Amphorae varied in size from 2-5 gallons to over 7 gallons. Olive oil was also stored in amphorae.

In excavations, archaeologists have uncovered rooms lined with hundreds of ancient amphorae buried up to their necks in sand or stone. This allowed the jars to stand upright and be easily accessed. The cool underground temperatures helped preserve the wine.

The tomb paintings in the ancient Egyptian pyramids depict scenes of winemaking and large jars being filled and carried.

Additives to Preserve Wine

To prevent wine from souring, various preservatives and flavorings were added. Wine was boiled briefly to reduce the water content and concentrate the alcohol. Natural resins, such as pine and terebinth resin, served as a sealant to prevent oxygen from spoiling the wine.

Spices, herbs, or honey were sometimes mixed in as flavorings.

Isaiah 1:22 mentions wine “mixed with water.” This dilution likely occurred to moderate the strength of the wine. However, adding water increased the risk of bacteria and unfermented sugars turning the wine to vinegar.

Most ancient wine contained sediment from the grapes and was not clear like modern filtered wines.

Serving Vessels and Customs

In the Biblical era, wine was typically stored in large containers, then ladled into smaller serving vessels like cups and bowls for use at meals. In I Samuel 1:15, Hannah is found pouring her wine into a bowl to present at the tabernacle.

Both silver and pottery vessels for drinking wine have been found by archaeologists.

The man customarily oversaw serving the wine. A host ceremonially washing his hands and then pouring wine into the guests’ cups demonstrated hospitality.
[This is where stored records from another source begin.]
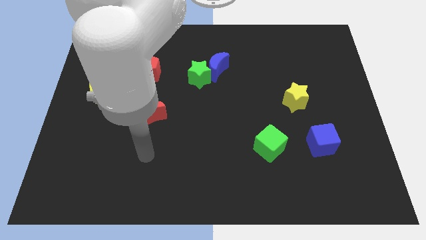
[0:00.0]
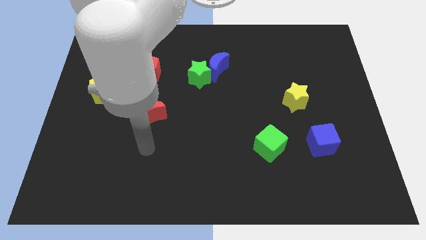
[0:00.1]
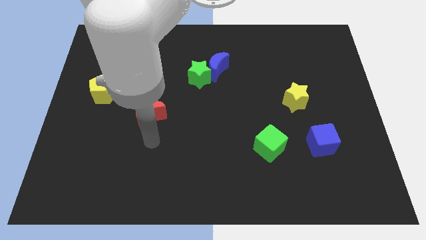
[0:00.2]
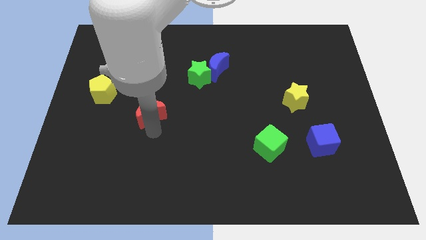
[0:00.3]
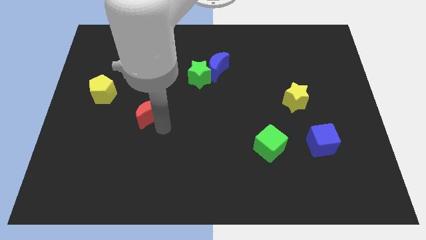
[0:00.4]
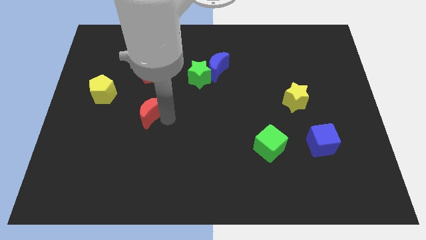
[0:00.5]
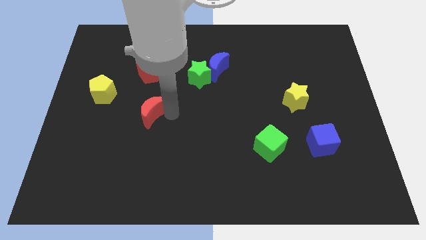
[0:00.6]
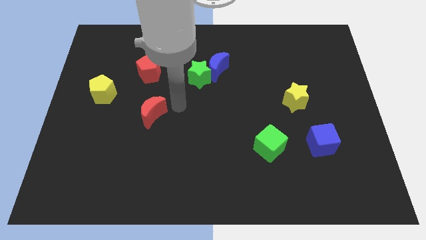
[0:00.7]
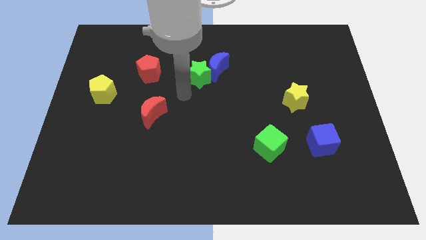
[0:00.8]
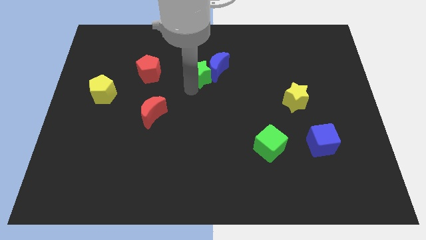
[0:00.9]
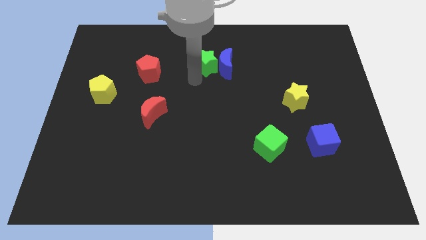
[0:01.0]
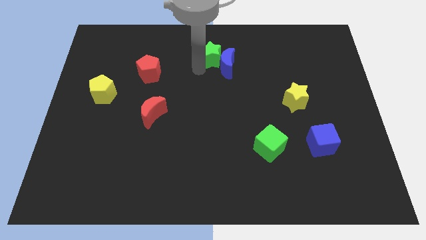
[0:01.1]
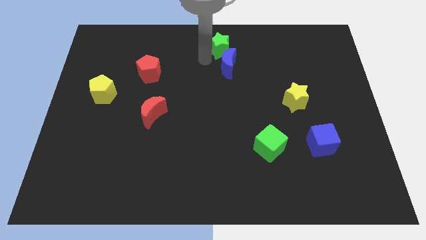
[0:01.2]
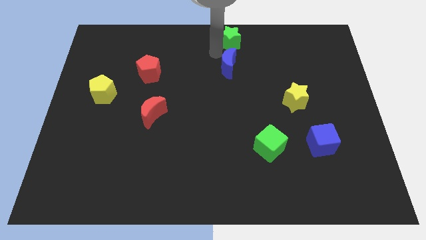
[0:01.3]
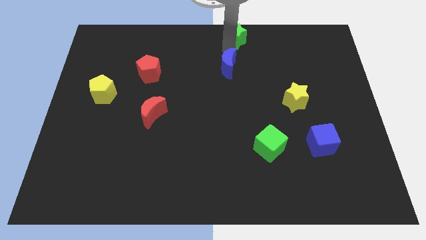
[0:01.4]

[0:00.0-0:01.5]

Jesus took on the role of a servant when he washed the disciples’ feet and served wine at the Last Supper.

While the Bible condemns drunkenness, wine in moderation was accepted and offered as an important sign of friendship, celebration, or consolation.


Wine has been a beloved beverage for millennia, and ancient people in Bible times put great effort into cultivating grapes and crafting quality wines. While their winemaking tools were rudimentary compared to modern methods, they nonetheless successfully produced a diverse range of wines that were integral to their culture, religion, and daily life.

The Bible contains many references to wine, underscoring its importance in ancient societies. Though the world of wine has evolved over the ages, its rich history can be traced back to the vineyards, presses, fermentation vessels and wineskins of the biblical era.